2. If you have a collection of Unix systems, can you reasonably do a certain amount of access control to your overall environment by forcing different logins to have specific administrative shells?

eviks|2 years ago

But when was it ever effective if 30 years ago it was already well known?

tannhaeuser|2 years ago

Last time it might've been effective was probably in old-school Unix time sharing with users connected via tty's rather than TCP/IP. Already early SQL databases, with the possible exception of Informix SE, had a client/server process model where the server process had full access to all data files and would at best authenticate sessions but not individual accesses against /etc/passwd such as via Oracle's pipe/bequeather connector but more commonly would assume fixed global roles and handle auth on the app side.
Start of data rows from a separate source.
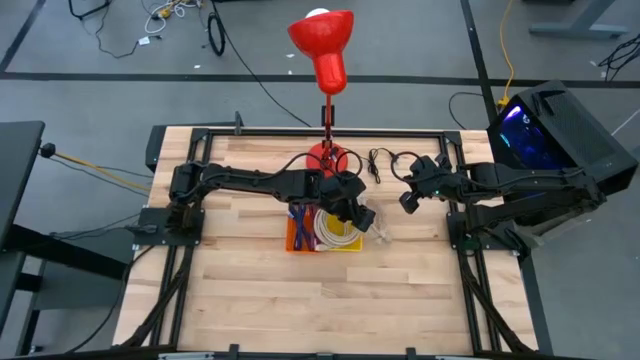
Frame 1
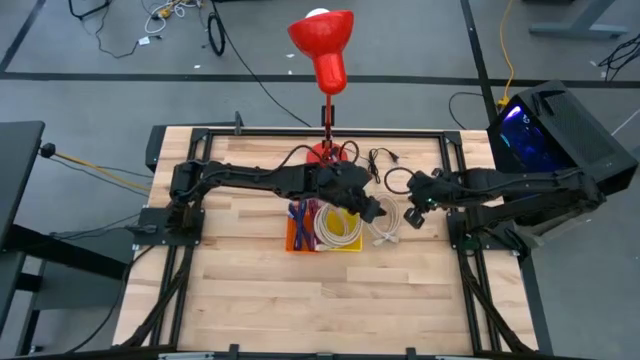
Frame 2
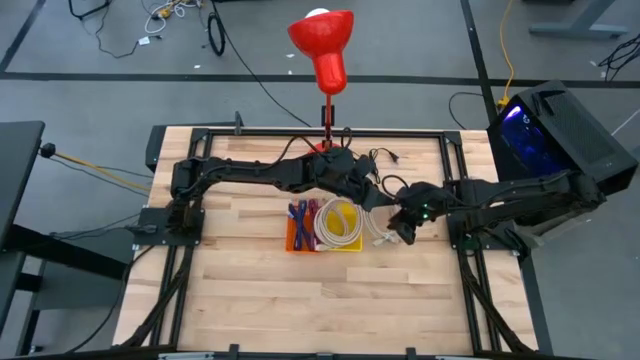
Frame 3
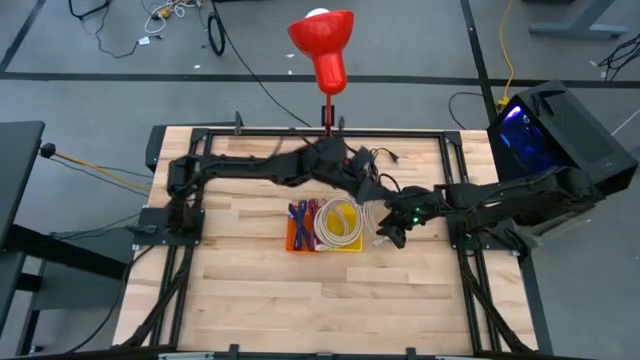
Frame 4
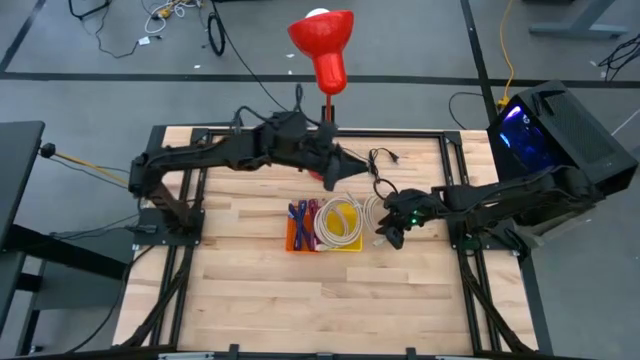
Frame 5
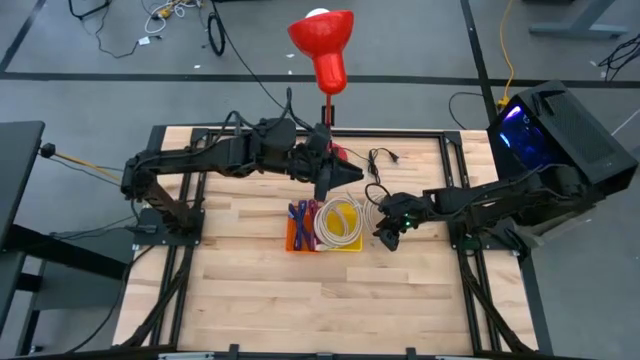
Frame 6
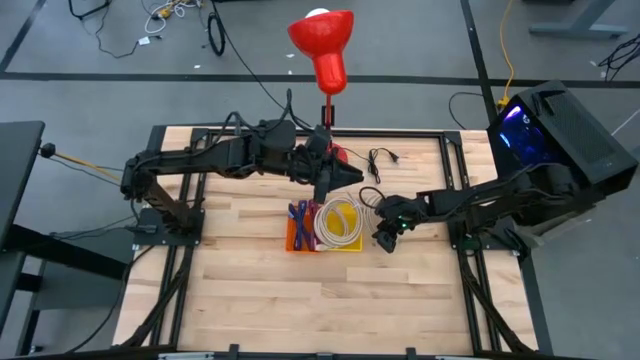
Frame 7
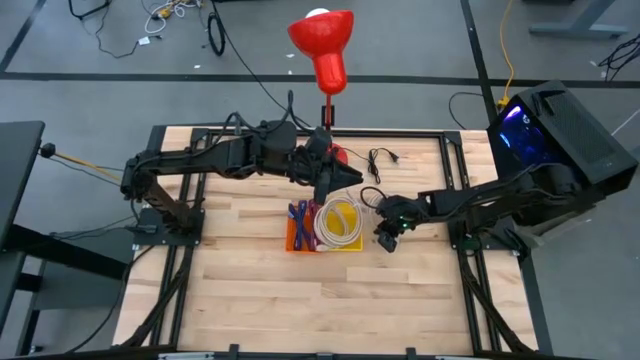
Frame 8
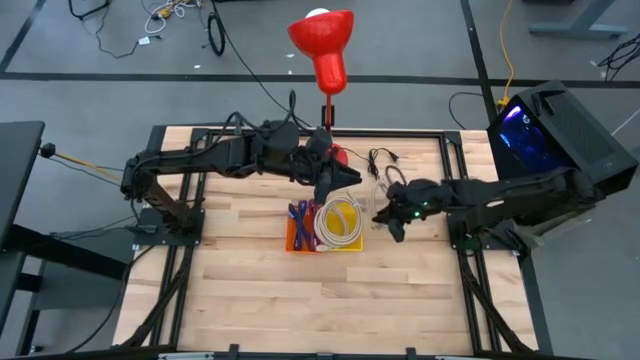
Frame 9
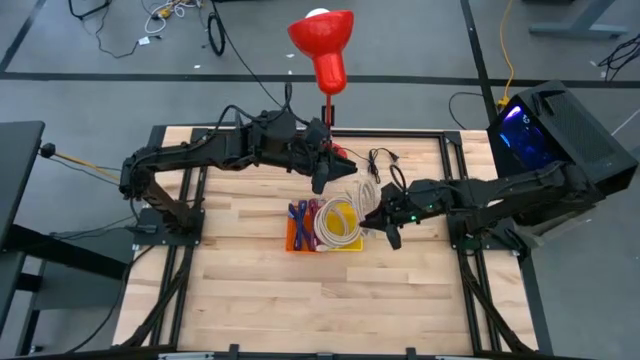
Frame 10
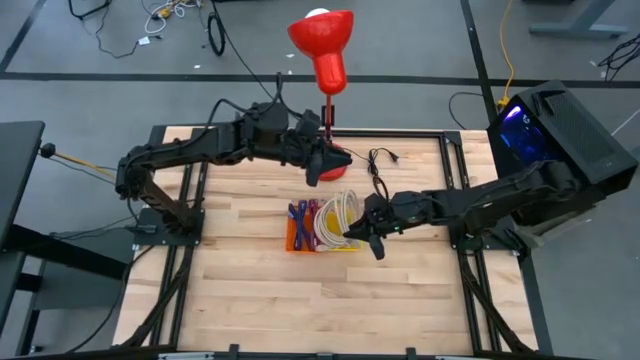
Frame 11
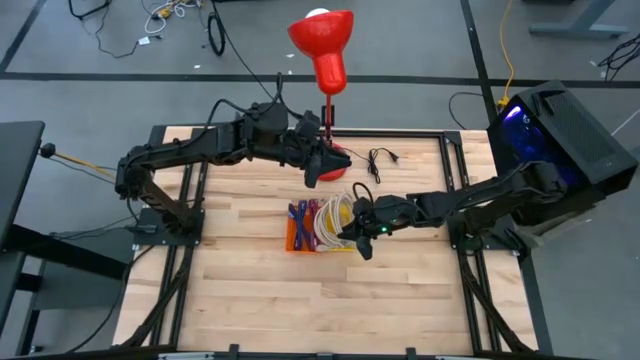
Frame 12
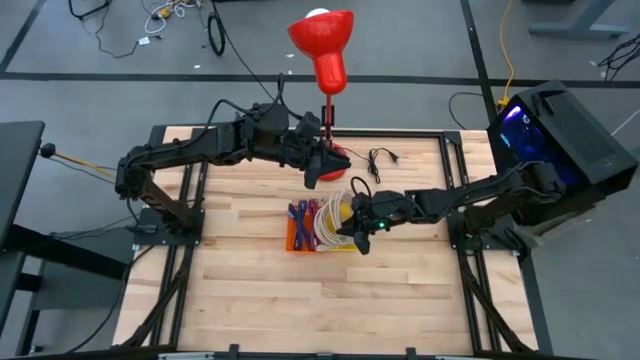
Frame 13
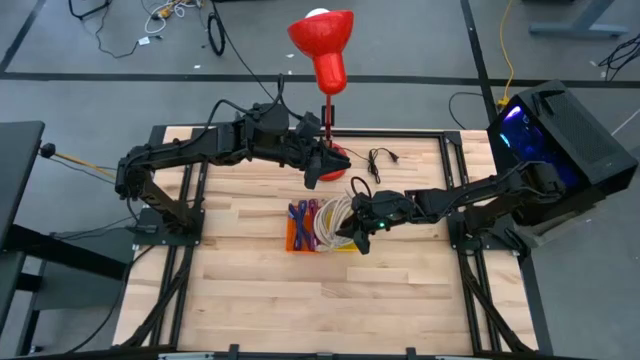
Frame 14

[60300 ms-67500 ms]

As soon as IP and "services" were introduced, /etc/passwd stopped being effective, as pointed out by bluetomcat [1]. Actually, even gaining shell access is considered game over from a security PoV, due to multiple privilege escalations.

[1]: https://news.ycombinator.com/item?id=37462806

pmontra|2 years ago

It was effective for a ftp server accessing public directories in the home of users. I can't remember the details but you would use the username and password of the user to exchange files with and get into that directory. All transmitted as cleartext, of course.

30+ years ago we already had services (daemons!) with their own user id, to keep them isolated from root and the human users. This post is as news as the invention of hot water.